## EXERCISE INPUTS

= = = =

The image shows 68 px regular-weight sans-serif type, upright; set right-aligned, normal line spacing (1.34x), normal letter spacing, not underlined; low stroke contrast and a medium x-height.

= = = =

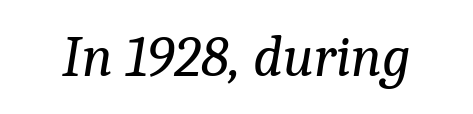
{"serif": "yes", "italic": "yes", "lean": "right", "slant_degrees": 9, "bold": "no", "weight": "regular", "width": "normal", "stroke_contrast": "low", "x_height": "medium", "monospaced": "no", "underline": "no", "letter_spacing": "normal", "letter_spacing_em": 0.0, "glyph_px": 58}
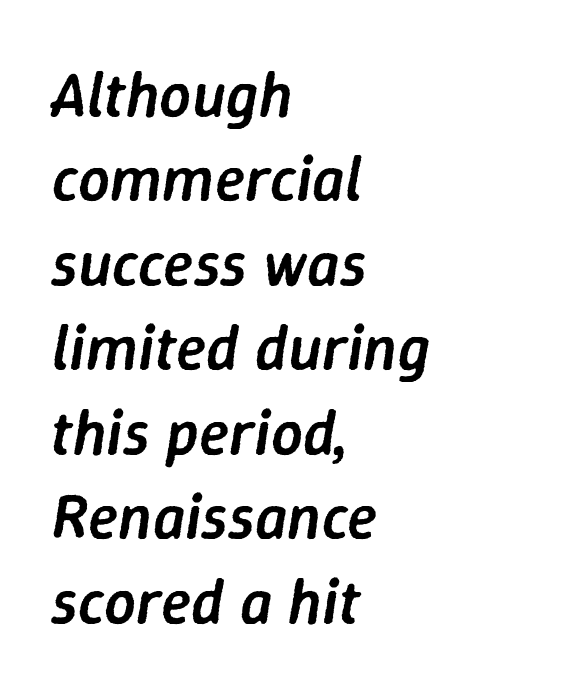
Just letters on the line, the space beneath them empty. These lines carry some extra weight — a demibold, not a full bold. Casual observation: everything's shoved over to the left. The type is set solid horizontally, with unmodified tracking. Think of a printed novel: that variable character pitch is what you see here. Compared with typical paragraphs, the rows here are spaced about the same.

= = = =

## ABOUT THIS EXERCISE
Pull every line with the string "serif" out of the material.

## RESPONSE
The image shows 68 px regular-weight sans-serif type, upright; set right-aligned, normal line spacing (1.34x), normal letter spacing, not underlined; low stroke contrast and a medium x-height.
{"serif": "yes", "italic": "yes", "lean": "right", "slant_degrees": 9, "bold": "no", "weight": "regular", "width": "normal", "stroke_contrast": "low", "x_height": "medium", "monospaced": "no", "underline": "no", "letter_spacing": "normal", "letter_spacing_em": 0.0, "glyph_px": 58}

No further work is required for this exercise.